Current Opinion in Allergy and Clinical Immunology (Impact Factor: 3.66). 01/2005; 4(6):479-84.
Source: PubMed

ABSTRACT The review describes advances in understanding the role of the CD3 delta subunit in human T-cell development as deduced from a recently described human immunodeficiency. The review also compares CD3 delta deficiency with other human CD3 subunit deficiencies and with corresponding animal models.
In describing CD3 delta deficiency in humans this review shows that patients with profound T-cell depletion, who present at 2-3 months with severe viral infection, lack CD3 delta as a result of a mutation in the extracellular domain of this gene. The genetic aberration was discovered by comparing patients' and normal thymocytes, using mass gene screening with the microarray technique. In humans the absence of CD3 delta results in a complete arrest in thymocyte development at the stage of double negative to double positive transition and the development of gamma delta T-cell receptor-positive T cells is also impaired.

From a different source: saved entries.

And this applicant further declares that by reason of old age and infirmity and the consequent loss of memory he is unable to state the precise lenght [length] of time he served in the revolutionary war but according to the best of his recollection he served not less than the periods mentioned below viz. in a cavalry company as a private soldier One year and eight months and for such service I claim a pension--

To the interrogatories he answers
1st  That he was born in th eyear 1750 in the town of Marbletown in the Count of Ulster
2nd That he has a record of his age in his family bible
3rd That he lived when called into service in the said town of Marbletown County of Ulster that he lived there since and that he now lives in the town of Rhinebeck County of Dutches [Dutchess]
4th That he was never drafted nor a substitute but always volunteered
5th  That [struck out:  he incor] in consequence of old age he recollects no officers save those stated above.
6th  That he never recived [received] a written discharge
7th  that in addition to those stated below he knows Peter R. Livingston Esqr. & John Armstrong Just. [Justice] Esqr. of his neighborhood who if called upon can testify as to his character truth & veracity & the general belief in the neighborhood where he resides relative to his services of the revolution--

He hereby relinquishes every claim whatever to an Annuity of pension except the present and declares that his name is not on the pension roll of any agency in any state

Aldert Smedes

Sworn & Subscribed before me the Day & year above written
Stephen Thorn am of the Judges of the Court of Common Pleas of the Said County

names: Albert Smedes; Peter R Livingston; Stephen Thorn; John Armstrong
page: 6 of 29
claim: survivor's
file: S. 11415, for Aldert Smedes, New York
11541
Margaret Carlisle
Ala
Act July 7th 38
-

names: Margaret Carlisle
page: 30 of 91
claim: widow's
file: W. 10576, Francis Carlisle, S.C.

Unlike patients with CD3 gamma or CD3 epsilon deficiency who have a milder condition, patients with CD3 delta deficiency present with severe lethal susceptibility to infections during early infancy. As expected, this profound immunodeficiency was cured with an allogenic bone marrow transplantation. In contrast to murine CD3 (-/) delta, which retains a normal gamma delta T-cell receptor-positive T-cell population and only partly affects the developmental transition of double positive to single positive thymocytes, CD3 delta in humans appears to be more critically required for the development of both alpha beta and gamma delta T-cell receptor-positive T-cell lineages. The studies also show for the first time that comparing relevant patients' with normal tissue using microarray technology can aid in the discovery of the genetic basis of inherited disorders.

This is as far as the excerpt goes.